> _TO DO_: In the listing below, locate the lines that hold the string "linearGradient". Copy those lines.

> _AVAILABLE RECORDS_:

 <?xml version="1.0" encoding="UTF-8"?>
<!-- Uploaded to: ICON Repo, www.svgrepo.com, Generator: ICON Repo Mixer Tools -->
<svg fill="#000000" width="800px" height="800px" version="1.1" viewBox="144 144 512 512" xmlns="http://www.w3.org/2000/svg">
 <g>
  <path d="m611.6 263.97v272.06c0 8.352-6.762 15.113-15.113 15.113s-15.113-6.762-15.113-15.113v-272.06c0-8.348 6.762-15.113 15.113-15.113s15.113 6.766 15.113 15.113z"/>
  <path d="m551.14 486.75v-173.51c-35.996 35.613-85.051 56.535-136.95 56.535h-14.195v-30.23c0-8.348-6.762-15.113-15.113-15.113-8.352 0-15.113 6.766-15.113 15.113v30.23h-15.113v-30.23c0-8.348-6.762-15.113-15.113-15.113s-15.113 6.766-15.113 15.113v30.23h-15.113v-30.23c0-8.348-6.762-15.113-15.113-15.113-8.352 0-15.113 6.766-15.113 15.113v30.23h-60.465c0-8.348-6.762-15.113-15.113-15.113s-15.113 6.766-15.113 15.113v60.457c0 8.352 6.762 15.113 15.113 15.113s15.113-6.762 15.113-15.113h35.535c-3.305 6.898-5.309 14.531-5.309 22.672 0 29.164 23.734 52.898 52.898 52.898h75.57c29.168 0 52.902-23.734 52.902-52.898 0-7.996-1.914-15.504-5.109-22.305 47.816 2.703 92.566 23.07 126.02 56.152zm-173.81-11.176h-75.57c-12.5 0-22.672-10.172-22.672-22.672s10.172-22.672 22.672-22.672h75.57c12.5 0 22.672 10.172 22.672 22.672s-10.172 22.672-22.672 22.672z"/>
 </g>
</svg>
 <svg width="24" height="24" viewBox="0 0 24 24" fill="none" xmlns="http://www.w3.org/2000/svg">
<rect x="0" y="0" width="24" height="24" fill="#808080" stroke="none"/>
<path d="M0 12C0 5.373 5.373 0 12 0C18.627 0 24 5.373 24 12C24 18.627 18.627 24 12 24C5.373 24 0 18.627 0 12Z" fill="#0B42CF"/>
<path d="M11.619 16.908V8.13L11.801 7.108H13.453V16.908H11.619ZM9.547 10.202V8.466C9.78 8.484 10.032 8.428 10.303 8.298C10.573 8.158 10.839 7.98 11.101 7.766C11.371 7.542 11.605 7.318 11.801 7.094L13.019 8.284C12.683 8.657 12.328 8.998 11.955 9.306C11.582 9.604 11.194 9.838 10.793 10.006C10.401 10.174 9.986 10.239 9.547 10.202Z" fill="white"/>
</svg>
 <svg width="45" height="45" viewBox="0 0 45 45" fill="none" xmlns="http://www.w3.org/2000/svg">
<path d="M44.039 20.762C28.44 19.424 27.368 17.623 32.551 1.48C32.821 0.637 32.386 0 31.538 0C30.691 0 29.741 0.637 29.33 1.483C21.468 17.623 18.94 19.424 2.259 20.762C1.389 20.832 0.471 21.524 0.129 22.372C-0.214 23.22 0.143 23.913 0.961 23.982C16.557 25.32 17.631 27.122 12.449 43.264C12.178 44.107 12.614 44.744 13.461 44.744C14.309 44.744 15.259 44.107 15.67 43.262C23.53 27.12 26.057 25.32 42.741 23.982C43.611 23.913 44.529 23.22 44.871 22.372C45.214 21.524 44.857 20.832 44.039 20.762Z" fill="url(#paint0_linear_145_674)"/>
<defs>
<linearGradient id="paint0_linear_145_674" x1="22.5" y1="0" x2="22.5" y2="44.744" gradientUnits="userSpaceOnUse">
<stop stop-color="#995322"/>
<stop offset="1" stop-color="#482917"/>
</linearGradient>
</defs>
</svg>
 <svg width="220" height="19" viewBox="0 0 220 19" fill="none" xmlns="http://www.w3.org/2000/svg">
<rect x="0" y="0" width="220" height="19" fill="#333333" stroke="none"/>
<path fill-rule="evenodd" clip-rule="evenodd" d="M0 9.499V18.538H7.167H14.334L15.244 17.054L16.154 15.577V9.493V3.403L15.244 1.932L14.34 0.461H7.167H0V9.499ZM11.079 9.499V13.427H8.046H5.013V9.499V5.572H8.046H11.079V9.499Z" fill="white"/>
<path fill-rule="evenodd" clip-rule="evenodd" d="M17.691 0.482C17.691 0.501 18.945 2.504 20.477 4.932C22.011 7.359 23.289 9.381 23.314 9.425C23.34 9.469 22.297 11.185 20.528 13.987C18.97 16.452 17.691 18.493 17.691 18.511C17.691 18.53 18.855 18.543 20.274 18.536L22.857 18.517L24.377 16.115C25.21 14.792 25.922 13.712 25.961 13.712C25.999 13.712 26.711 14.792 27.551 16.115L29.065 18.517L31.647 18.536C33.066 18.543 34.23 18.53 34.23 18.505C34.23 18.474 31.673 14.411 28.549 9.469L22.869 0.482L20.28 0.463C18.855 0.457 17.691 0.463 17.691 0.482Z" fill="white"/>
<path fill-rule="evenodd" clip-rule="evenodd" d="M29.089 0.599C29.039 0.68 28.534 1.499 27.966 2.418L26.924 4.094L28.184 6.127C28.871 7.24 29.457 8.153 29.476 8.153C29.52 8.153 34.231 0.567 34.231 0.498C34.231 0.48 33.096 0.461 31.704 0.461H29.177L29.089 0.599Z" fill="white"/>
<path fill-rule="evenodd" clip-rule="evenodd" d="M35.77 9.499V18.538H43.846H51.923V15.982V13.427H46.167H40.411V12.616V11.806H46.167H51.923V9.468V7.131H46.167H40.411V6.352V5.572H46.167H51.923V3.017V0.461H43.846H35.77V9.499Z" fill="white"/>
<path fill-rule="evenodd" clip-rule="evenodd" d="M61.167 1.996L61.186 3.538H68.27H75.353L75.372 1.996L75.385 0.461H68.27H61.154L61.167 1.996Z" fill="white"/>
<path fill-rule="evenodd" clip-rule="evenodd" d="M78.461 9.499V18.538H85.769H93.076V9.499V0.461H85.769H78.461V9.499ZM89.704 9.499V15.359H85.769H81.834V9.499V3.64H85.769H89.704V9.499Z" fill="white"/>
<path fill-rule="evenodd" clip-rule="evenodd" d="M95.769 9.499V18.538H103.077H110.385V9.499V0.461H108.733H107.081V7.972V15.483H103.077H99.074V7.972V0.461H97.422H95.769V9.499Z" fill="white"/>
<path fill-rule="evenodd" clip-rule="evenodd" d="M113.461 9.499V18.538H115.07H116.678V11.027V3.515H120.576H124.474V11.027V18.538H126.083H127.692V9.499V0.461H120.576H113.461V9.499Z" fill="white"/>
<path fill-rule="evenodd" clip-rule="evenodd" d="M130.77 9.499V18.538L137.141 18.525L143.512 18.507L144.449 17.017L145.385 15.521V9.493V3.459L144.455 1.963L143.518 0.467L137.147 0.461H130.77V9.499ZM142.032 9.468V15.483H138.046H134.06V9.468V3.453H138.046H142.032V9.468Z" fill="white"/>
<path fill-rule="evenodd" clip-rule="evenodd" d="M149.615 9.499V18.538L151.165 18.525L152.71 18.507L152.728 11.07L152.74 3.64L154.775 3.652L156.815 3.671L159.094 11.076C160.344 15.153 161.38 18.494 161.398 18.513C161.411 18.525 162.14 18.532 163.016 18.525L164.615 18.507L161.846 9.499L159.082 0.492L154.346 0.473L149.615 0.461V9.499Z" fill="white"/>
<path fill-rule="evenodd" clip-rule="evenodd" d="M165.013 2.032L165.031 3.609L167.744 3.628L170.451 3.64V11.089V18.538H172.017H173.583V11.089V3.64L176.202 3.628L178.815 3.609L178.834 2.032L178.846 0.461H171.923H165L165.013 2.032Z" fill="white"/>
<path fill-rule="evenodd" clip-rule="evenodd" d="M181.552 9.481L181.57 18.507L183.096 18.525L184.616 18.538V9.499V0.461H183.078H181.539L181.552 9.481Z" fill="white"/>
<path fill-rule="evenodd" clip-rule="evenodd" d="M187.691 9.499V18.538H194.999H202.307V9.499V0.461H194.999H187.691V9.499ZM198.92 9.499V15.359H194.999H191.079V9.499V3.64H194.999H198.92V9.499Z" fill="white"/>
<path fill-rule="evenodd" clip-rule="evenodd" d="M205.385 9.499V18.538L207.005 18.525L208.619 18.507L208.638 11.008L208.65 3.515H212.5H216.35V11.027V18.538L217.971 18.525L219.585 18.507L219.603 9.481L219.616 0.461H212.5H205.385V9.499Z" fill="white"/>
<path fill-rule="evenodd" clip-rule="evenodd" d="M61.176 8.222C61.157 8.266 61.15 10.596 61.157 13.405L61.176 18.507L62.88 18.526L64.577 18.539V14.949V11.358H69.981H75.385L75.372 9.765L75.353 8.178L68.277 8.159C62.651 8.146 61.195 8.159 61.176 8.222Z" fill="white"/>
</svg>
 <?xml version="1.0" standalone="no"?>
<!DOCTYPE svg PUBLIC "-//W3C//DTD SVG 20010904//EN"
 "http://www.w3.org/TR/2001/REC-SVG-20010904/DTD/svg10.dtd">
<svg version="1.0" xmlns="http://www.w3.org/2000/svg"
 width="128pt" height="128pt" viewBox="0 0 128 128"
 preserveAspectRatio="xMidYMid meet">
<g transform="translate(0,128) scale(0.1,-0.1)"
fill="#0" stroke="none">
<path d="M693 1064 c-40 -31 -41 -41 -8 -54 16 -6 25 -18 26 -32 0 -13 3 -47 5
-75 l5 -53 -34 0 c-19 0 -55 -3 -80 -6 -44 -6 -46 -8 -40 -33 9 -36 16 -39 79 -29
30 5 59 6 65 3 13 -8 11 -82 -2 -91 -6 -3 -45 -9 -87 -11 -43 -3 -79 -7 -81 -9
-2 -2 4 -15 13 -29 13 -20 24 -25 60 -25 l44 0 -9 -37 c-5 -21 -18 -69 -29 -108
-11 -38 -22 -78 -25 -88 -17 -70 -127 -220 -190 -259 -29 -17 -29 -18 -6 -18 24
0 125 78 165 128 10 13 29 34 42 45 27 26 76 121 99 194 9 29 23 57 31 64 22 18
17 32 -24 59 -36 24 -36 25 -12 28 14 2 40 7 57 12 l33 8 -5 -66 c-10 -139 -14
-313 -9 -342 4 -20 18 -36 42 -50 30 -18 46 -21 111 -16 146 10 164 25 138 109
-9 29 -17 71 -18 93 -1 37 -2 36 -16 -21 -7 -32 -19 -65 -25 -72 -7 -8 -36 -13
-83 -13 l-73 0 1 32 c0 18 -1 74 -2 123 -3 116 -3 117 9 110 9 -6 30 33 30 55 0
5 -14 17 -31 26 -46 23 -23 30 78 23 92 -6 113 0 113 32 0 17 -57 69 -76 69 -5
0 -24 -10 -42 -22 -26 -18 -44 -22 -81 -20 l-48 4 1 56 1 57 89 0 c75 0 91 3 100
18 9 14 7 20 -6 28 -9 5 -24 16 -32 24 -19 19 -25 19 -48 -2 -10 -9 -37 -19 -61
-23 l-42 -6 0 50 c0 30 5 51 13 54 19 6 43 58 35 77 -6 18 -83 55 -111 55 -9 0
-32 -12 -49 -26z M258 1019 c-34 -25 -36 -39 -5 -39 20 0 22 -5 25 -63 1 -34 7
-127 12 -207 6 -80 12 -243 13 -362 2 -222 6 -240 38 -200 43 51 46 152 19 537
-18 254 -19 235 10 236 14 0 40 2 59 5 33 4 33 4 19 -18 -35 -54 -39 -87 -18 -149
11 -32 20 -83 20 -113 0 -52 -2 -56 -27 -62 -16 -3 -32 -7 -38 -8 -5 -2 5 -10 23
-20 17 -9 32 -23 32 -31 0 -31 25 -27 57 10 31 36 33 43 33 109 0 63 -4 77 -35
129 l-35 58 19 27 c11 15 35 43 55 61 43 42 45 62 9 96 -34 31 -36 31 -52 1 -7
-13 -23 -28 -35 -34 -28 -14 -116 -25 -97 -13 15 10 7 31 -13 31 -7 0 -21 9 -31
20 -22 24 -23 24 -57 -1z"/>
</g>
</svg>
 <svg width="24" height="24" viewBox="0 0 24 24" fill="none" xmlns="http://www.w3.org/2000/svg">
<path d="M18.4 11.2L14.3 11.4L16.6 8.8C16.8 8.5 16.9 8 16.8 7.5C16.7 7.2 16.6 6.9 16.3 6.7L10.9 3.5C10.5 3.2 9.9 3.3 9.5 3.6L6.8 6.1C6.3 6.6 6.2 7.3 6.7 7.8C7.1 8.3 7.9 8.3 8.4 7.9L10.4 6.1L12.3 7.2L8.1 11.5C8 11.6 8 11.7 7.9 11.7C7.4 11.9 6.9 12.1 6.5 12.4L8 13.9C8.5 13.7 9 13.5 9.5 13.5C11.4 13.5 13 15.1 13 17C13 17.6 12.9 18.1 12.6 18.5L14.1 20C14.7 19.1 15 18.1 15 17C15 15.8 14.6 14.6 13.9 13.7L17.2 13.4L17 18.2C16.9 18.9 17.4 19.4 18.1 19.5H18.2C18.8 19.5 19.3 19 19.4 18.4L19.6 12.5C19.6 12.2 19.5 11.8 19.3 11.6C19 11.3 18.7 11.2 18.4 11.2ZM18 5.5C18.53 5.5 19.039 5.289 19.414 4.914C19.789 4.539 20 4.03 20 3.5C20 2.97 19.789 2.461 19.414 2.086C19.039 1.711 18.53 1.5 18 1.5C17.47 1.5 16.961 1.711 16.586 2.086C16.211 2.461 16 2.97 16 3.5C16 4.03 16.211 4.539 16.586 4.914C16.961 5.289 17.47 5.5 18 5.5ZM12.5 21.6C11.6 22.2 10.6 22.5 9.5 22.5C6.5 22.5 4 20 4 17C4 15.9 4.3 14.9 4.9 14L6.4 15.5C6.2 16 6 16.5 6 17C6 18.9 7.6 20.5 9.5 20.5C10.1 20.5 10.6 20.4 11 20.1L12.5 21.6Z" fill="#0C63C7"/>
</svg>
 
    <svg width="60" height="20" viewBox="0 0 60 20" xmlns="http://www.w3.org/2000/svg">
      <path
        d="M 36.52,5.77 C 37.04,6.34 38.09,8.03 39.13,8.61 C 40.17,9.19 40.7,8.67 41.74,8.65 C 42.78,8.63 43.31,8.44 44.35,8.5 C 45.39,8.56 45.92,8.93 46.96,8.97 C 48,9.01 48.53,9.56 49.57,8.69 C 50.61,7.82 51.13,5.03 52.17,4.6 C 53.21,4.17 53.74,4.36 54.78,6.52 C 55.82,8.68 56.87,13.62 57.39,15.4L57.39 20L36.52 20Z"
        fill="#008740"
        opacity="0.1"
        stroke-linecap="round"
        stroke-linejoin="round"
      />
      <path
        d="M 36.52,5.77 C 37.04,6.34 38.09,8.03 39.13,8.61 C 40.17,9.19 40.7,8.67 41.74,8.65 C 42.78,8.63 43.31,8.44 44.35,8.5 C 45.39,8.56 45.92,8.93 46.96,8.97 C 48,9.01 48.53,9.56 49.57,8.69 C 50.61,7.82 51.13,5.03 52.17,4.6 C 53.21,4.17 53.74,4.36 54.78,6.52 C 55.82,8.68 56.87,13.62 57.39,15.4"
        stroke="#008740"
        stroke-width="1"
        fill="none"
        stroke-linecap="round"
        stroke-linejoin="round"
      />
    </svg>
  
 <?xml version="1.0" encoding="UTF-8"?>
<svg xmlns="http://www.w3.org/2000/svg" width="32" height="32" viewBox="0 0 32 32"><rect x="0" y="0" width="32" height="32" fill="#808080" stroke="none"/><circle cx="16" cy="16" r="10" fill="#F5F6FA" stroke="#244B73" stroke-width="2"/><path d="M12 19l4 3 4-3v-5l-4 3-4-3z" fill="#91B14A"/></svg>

> _EXPECTED ANSWER_:
<linearGradient id="paint0_linear_145_674" x1="22.5" y1="0" x2="22.5" y2="44.744" gradientUnits="userSpaceOnUse">
</linearGradient>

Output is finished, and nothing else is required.